Andy Singer is doing his second tour as volunteer co-chair of the Saint Paul Bicycle Coalition. He works as a professional cartoonist and illustrator and has authored of four books including his latest, "Why We Drive," which examines environmental, land use and political issues in transportation. You can see more of his cartoons at AndySinger.com.

9 thoughts on “Minnesota’s Deadly Pedestrian Refuge Islands

  1. Peter V

    All too true. The plastic bollards are a stupid flimsy jokes. It’d be nice if the driver who kills me at least might have to visit the body shop.

    Reply
  2. Dan G Cross

    Excellent set of evidence Andy. It’s pretty clear where the current priorities lie and where the results of those misplaced priorities lie. In hospital beds or dead in the refuge.

    Reply
  3. Walker AngellWalker Angell

    Good post Andy. Totally agree. Ramsey County built a couple of these new plow and errant driver friendly refuges on Hamline Ave between 694 and 96 this summer. They are really not much more than safety theatre – they provide real safety about as much as the cottage in ‘The Holiday’ provided a real place to live (https://hookedonhouses.net/2018/10/08/rosehill-cottage-holiday-movie/).

    Engineers in other disciplines are very safety conscious. They don’t want people killed because a building fell or a boat sank. It baffles me that U.S. traffic engineers are so OK with people walking and riding bicycles being killed or disabled by their designs.

    Reply
    1. Walker AngellWalker Angell

      I keep imagining a cartoon of a traffic engineer (or county commissioner?) putting a fake cardboard bollard in place with a stick behind it to keep it up. “There, that will protect little susie.” 🙂

      Reply
  4. Pete Barrett

    I’ve had the same thoughts about these new “refuges”. There are a few on East Maryland Ave in Saint Paul, and I have noticed the sign posts have been whacked. And I’ve also wondered about the tapered approach, as opposed to a curb. It should be the opposite, a curb about 10 or 12″ high that tapers down to the interior of the island.

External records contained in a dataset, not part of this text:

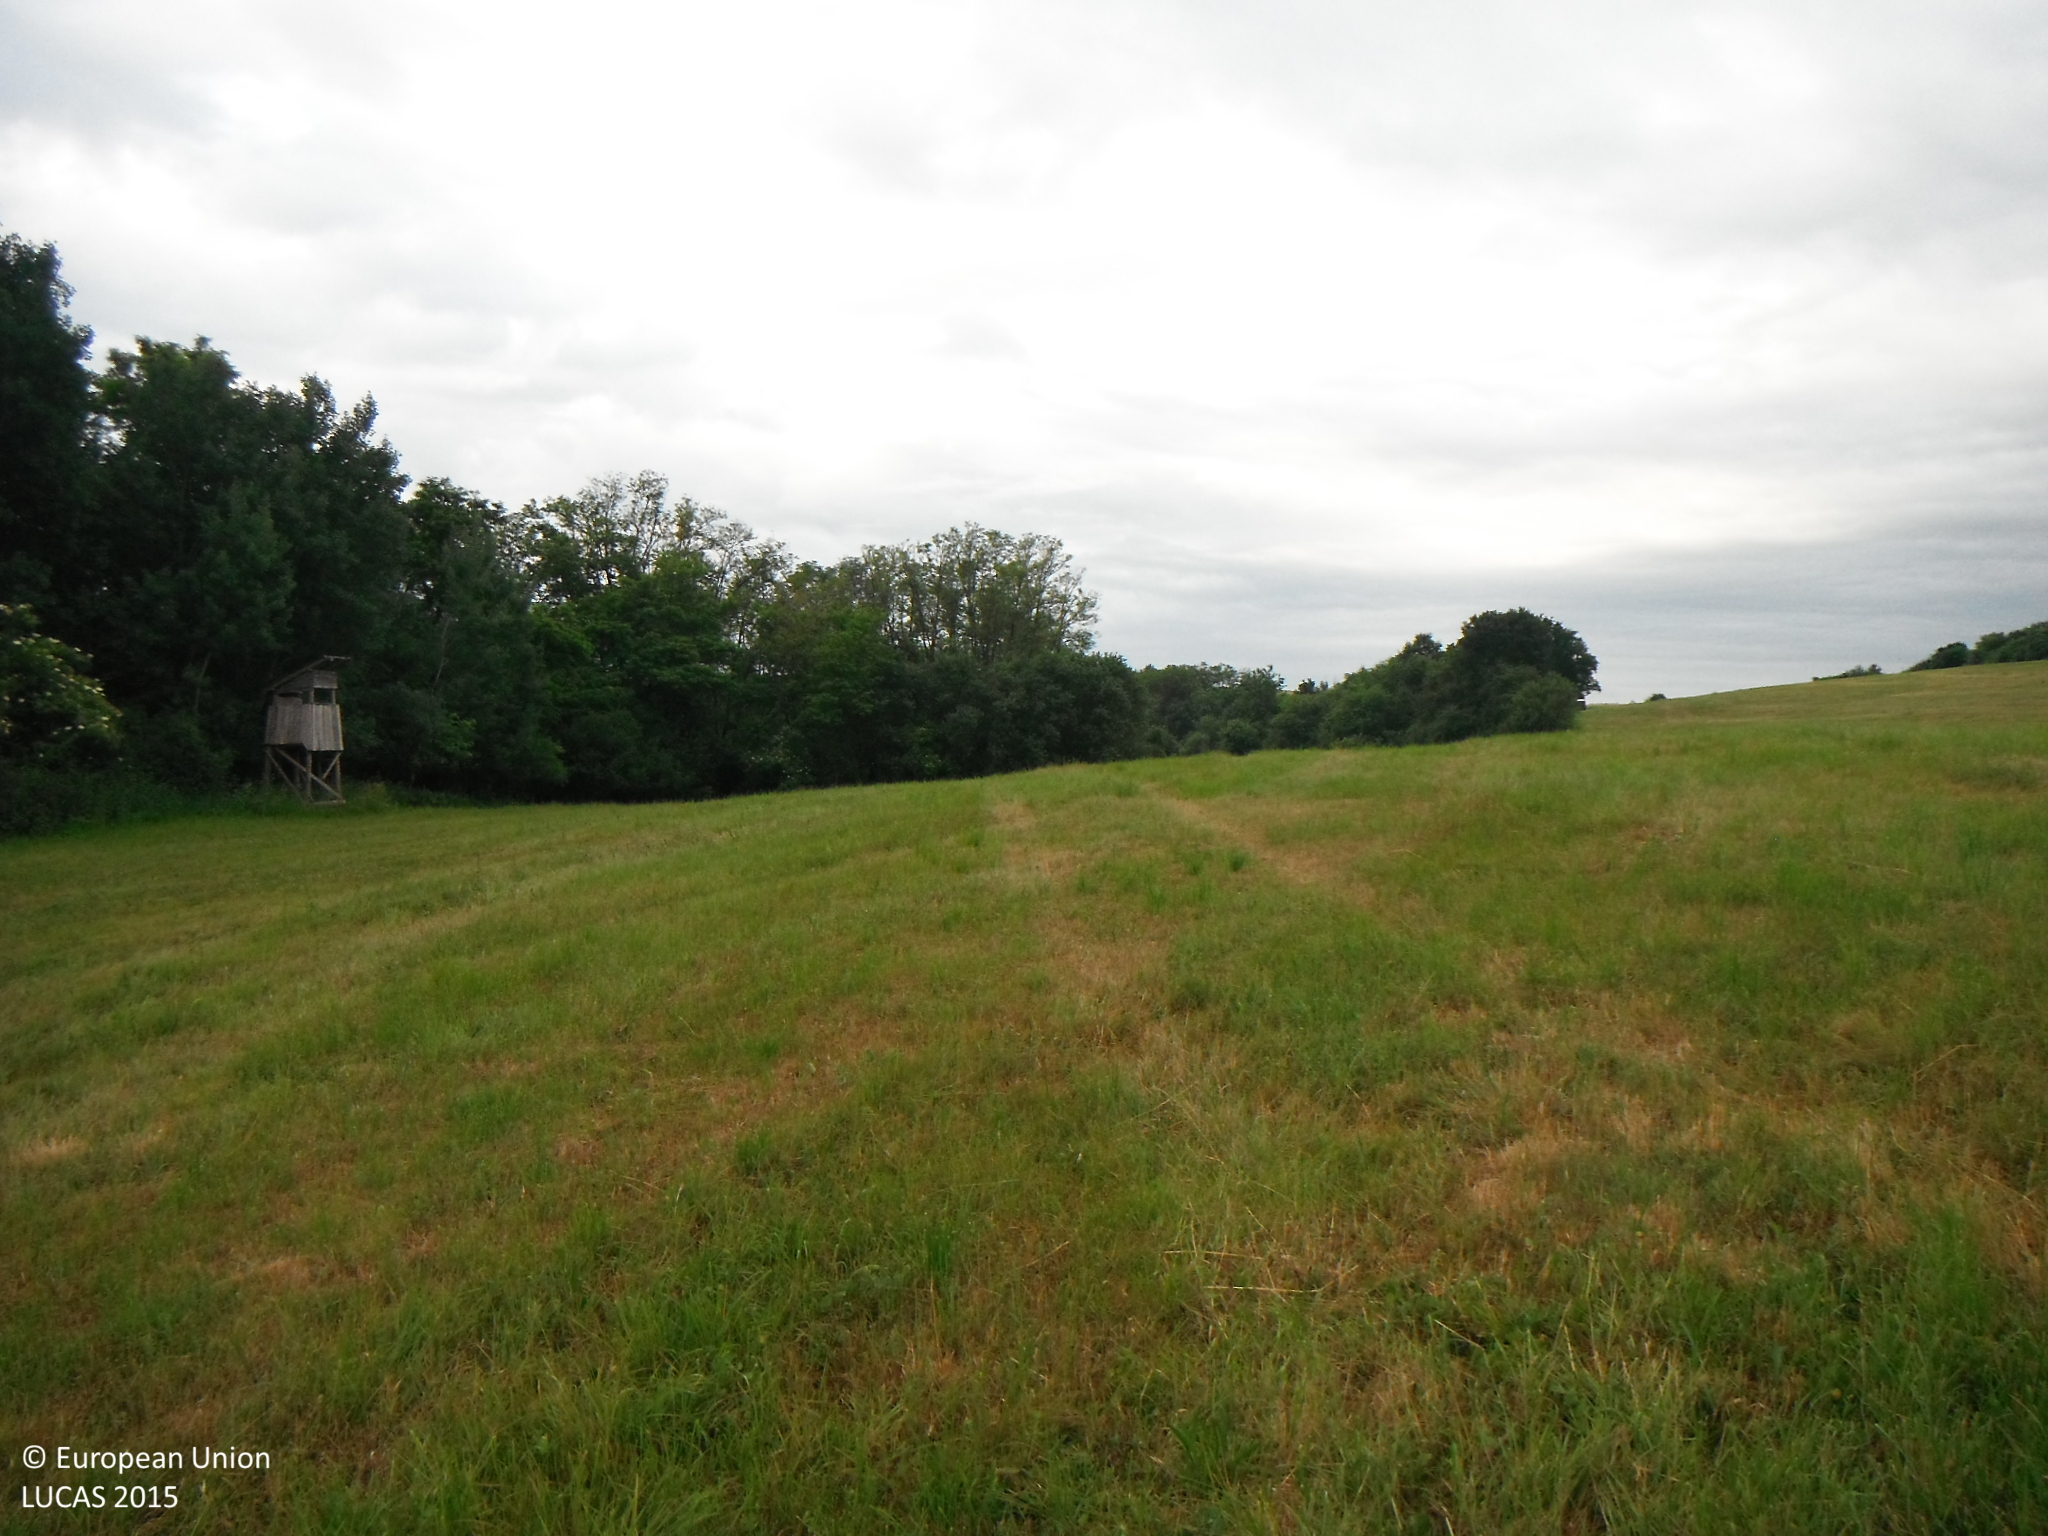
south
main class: Grassland
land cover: Grassland without tree/shrub cover
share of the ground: > 75 %
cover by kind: herbaceous plants 100 %
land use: Agriculture (excluding fallow land and kitchen gardens)
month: June
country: SK
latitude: 48.3308
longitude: 19.3710

    Ugly concrete jersey barriers are ugly even if artists pain them.

    Reply
  5. Scott Berger

    Somewhat related, at the single-side zebra pedestrian crossing of Saratoga across Selby, there had been a “State Law: Stop for Pedestrian in Crosswalk.” This was flattened, destroyed, and removed in less than two weeks. I also witnessed first-hand that it caused angry motorists to believe that ONLY painted crosswalks are legal crosswalks, which is false. Bollards are badly needed throughout the city. Let snowplow drivers, along with SUV drivers, live and learn for the greater good.